- Born: David Matthew Hepple Sunderland, England
- Occupation: Actor
- Years active: 2006–present
- Partner: Carly Bawden

= Harry Hepple =

English actor

Harry Hepple (born David Matthew Hepple) is a British actor and musician.

==Early life==
Hepple graduated from the Royal Academy of Dramatic Art in 2006.

==Career==
Upon graduating from RADA, Hepple made his professional debut in Alaska at the Royal Court Theatre with Rafe Spall and Christine Bottomley.

He then appeared in Burnt by the Sun alongside Ciarán Hinds, Rory Kinnear and Michelle Dockery at the Royal National Theatre.

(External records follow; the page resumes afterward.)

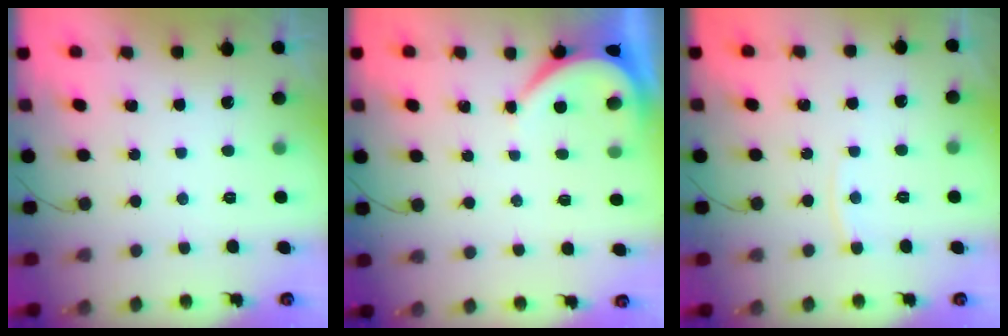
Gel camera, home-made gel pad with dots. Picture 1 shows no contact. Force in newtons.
{"total": 3.9, "press": 3.9, "slide": 0.6}
{"total": 3.6, "press": 3.6, "slide": 0.5}
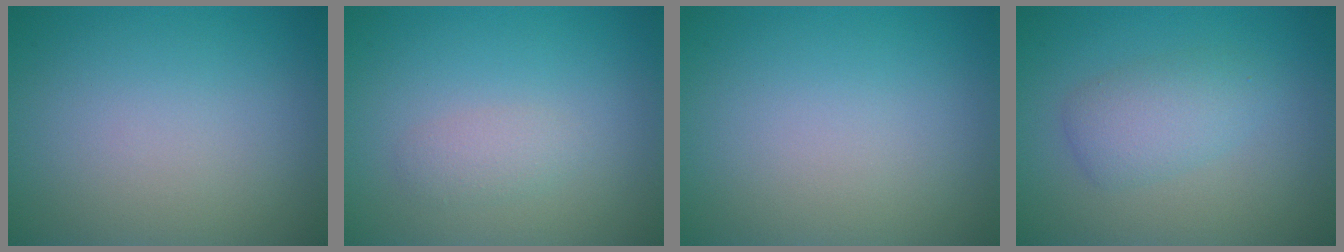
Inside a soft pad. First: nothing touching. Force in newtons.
{"total": 1.4, "press": 1.4, "slide": 0.1}
{"total": 0.0}
{"total": 2.9, "press": 2.9, "slide": 0.0}
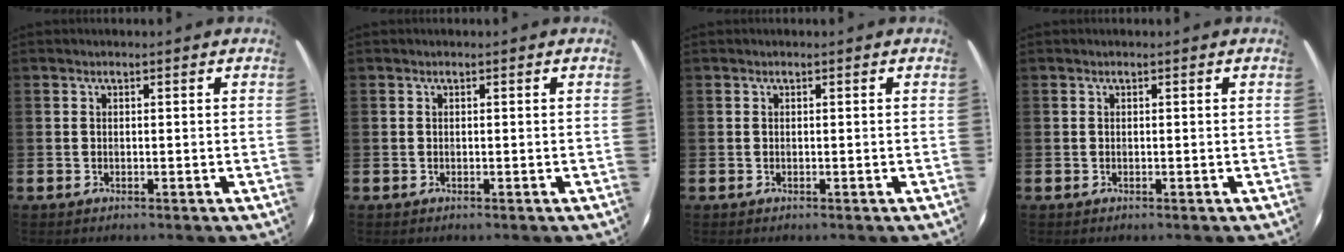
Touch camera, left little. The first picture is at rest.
{"total": 0.0}
{"total": 0.0}
{"total": 0.0}
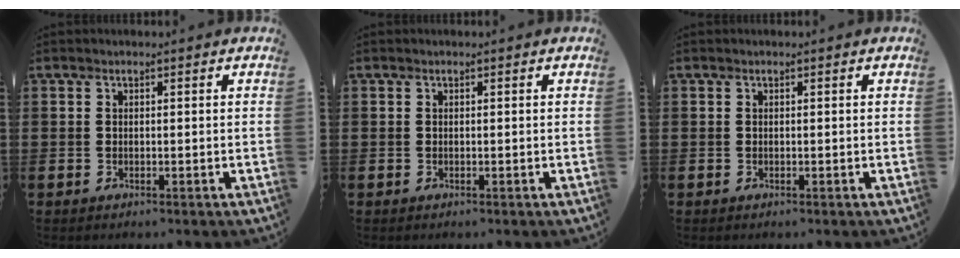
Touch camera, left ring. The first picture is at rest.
{"total": 0.0}
{"total": 0.0}
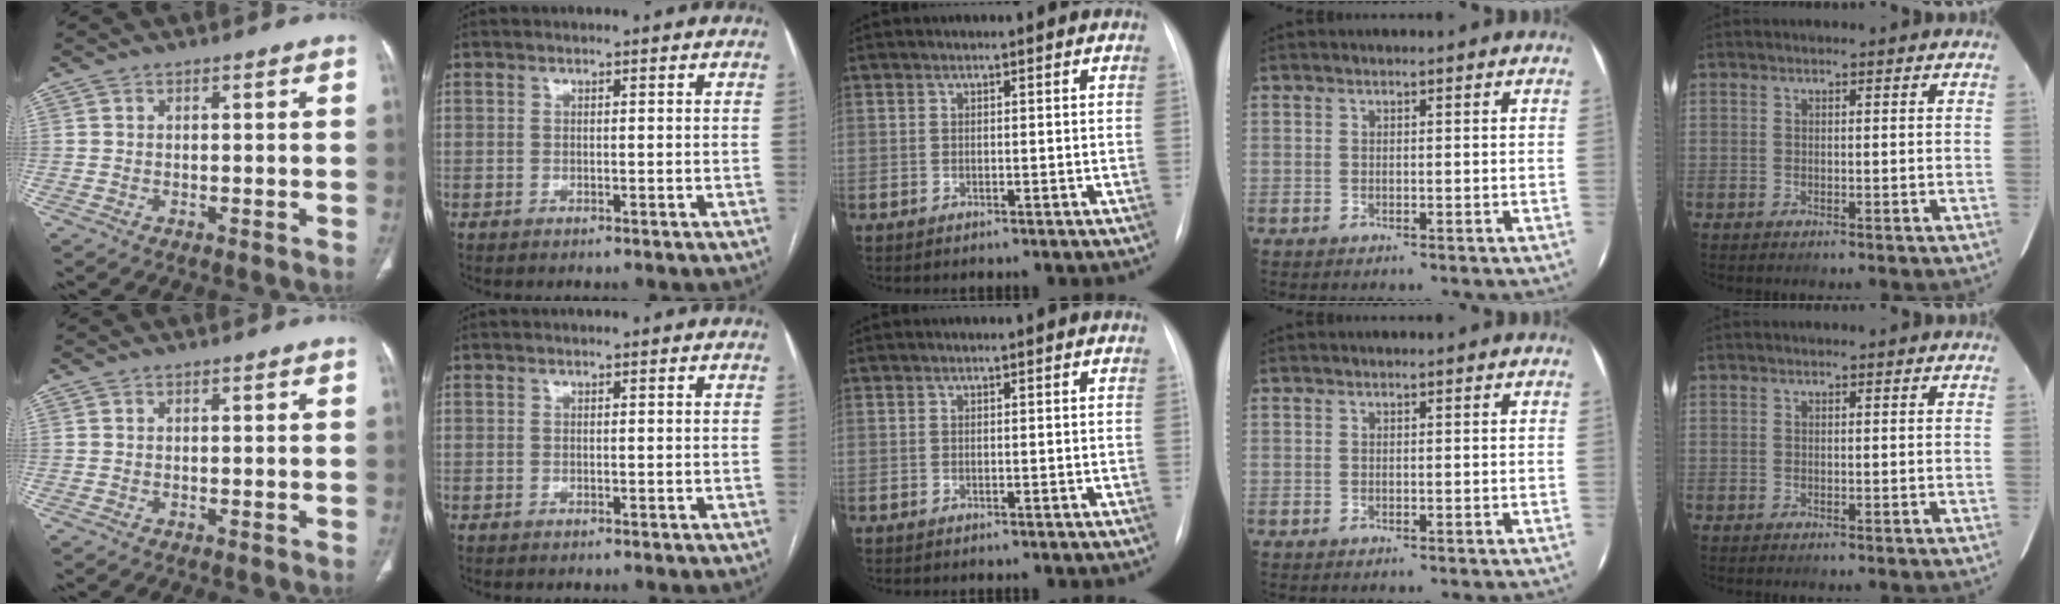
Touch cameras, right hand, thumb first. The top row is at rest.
{}
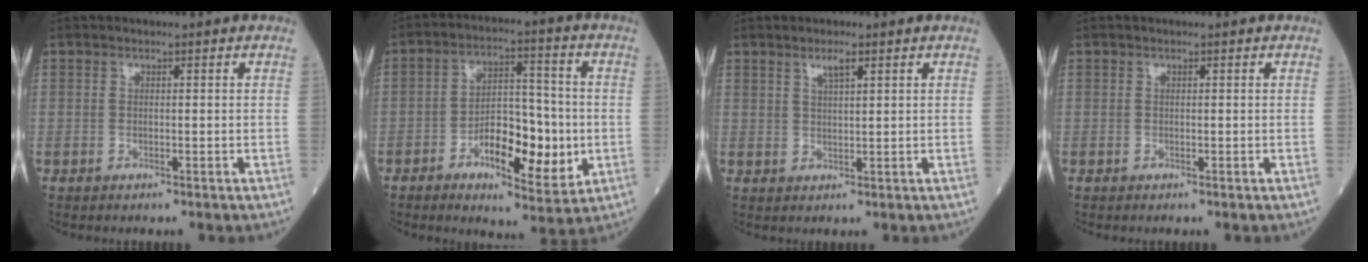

In June 2009, Hepple appeared in Been So Long by Ché Walker, with music by Arthur Darvill, at the Young Vic.

He has appeared on stage in theatres across the United Kingdom including the Young Vic, Live Theatre, Newcastle, the Traverse Theatre, The Bush, the Royal Court Theatre, the Menier Chocolate Factory, the Donmar Warehouse, the Noël Coward Theatre, the Shakespeare's Globe and the Royal National Theatre.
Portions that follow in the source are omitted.